2024 Tata Nexon EV real world range tested, explained

Tata Nexon EV range

Having given it a comprehensive update, what Tata has essentially done is taken the Nexon EV’s proven, winning formula and improved it. And the changes are so substantial, you’ll be hard pressed to believe that it is merely a mid-cycle facelift and not a whole new generation altogether. We put the long range (LR) version through our instrumented real-world range test to quantify its improvements.

  1. Torque is restricted to 70 percent in Eco mode
  2. Four regeneration levels to choose from
  3. New motor is lighter and more efficient than before

2024 Tata Nexon EV LR: real world range tested

The new Nexon EV’s 332.8V battery architecture and 40.5kWh pack remains identical to the outgoing Nexon EV Max, the highlight is its new second-gen electric motor that’s more compact, around 20 kilos lighter, spins faster, and makes 145hp and 215Nm of torque. Gone is the spikey power delivery of the Max as this motor delivers performance in a much smoother and far more linear manner. It also plays a huge role in improving efficiency.

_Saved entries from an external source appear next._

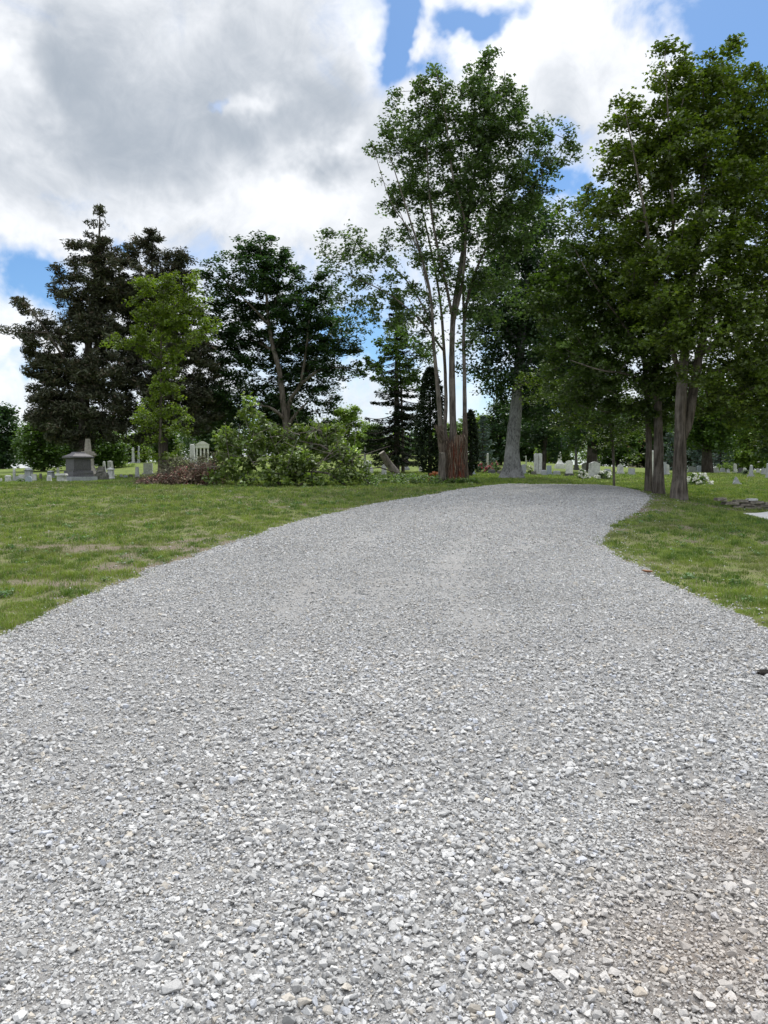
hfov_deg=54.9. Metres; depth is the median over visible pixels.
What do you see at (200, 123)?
sky
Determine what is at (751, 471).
gravestone
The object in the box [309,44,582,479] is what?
silver maple
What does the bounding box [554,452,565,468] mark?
gravestone
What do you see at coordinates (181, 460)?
brush pile
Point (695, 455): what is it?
blue spruce
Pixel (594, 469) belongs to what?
gravestone
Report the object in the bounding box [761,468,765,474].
gravestone
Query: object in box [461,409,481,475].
arborvitae
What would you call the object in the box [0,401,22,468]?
background tree
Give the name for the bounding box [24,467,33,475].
gravestone
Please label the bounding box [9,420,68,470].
background tree
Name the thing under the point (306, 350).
dark maple
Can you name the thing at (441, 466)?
tree stub
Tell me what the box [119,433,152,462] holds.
background tree
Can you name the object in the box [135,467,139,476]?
gravestone
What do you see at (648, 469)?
maple tree
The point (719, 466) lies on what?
yellow bush
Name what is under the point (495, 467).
rose bush
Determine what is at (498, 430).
background tree
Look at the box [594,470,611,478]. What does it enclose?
peony bush
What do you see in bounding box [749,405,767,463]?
background tree
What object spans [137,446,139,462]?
gravestone
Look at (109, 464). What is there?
gravestone
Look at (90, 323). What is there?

The Nexon EV facelift fares better in terms of real-world range. We achieved an average highway efficiency of 6.73km/kWh and average city efficiency of 6.9km/kWh, resulting in a mixed (city and highway) range of 273 km on a full charge.

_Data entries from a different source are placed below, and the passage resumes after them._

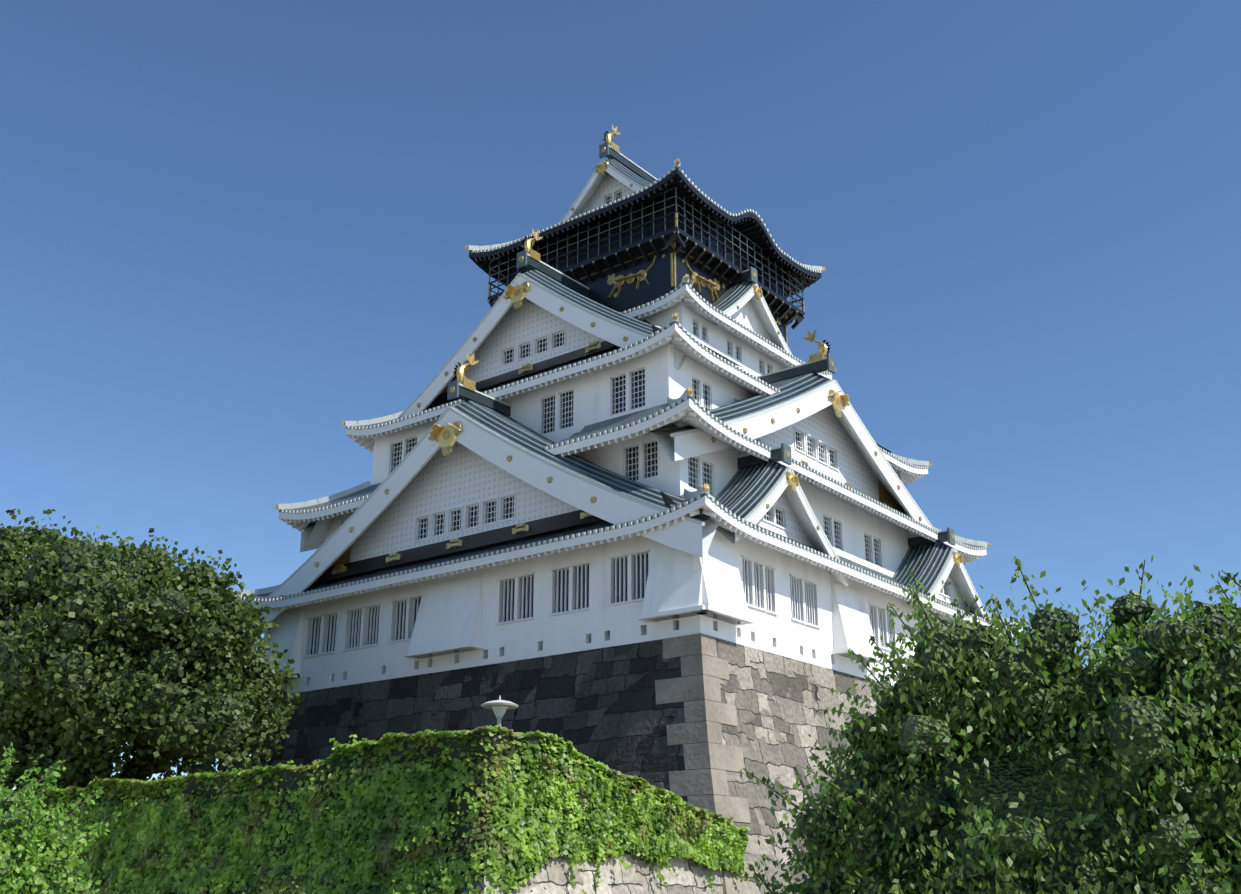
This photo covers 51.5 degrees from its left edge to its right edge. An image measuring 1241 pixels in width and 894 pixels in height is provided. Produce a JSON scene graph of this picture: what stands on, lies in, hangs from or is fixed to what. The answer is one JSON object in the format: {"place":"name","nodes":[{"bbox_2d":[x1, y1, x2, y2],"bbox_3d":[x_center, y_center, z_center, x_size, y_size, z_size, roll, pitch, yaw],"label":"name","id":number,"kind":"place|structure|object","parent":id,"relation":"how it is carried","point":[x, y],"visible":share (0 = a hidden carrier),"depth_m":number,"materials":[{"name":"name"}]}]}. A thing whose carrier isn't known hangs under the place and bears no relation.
{"place":"outdoors","nodes":[
{"label":"outdoors","id":0,"kind":"place"},
{"bbox_2d":[0,0,1240,789],"label":"sky","id":1,"kind":"structure","parent":0,"point":[234,233],"materials":[{"name":"blue"}]},
{"label":"ground","id":2,"kind":"structure","parent":0,"visible":0},
{"bbox_2d":[0,741,120,893],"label":"low tree wood","id":3,"kind":"object","parent":2,"relation":"on","point":[50,868],"visible":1,"depth_m":11.19,"materials":[{"name":"green plant"}]},
{"bbox_2d":[0,508,301,793],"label":"tree","id":4,"kind":"object","parent":2,"relation":"on","point":[158,661],"visible":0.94,"depth_m":58.06,"materials":[{"name":"green plant"}]},
{"bbox_2d":[204,860,545,893],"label":"bush","id":5,"kind":"object","parent":2,"relation":"on","point":[415,875],"visible":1,"depth_m":32.93,"materials":[{"name":"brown plant"}]},
{"bbox_2d":[254,847,778,893],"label":"terrace wall","id":6,"kind":"structure","parent":2,"relation":"on","point":[616,877],"depth_m":44.33,"materials":[{"name":"stone"}]},
{"bbox_2d":[3,724,750,893],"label":"ivy","id":7,"kind":"object","parent":6,"relation":"on","point":[288,774],"visible":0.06,"depth_m":42.96,"materials":[{"name":"green plant"}]},
{"bbox_2d":[62,730,745,892],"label":"ivy tendrils","id":8,"kind":"object","parent":6,"relation":"on","point":[531,837],"visible":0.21,"depth_m":45.82,"materials":[{"name":"green plant"}]},
{"bbox_2d":[481,696,517,725],"bbox_3d":[-4.211,9.994,44.423,1.320,2.780,1.320,-15,-24,35],"label":"garden lamp","id":9,"kind":"object","parent":6,"relation":"on","point":[499,707],"visible":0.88,"depth_m":44.52,"materials":[{"name":"white metal"}]},
{"bbox_2d":[247,633,943,893],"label":"stone base","id":10,"kind":"object","parent":2,"relation":"on","point":[700,720],"visible":0.21,"depth_m":58.09,"materials":[{"name":"grey stone"}]},
{"bbox_2d":[235,124,1026,697],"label":"castle","id":11,"kind":"structure","parent":10,"relation":"on","point":[625,416],"depth_m":68.84,"materials":[{"name":"paint"}]},
{"bbox_2d":[738,555,1240,893],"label":"tree wood","id":12,"kind":"object","parent":2,"relation":"on","point":[1041,761],"visible":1,"depth_m":14.97,"materials":[{"name":"green plant"}]}
]}

2024 Tata Nexon EV range tested

Our tests were conducted in Eco mode, where torque is limited to around 70 percent of the total output and top speed is limited to 116kph. For our tests, regen was set to Level 3 in the city (most aggressive) and Level 2 on the highway.

We also charged the car from 20-80 percent on two occasions. On the first, a 30kW DC fast charger was used and took merely 67 minutes. It took 230 minutes (3 hours 50 minutes) using an 11kW AC wallbox charger on the second instance.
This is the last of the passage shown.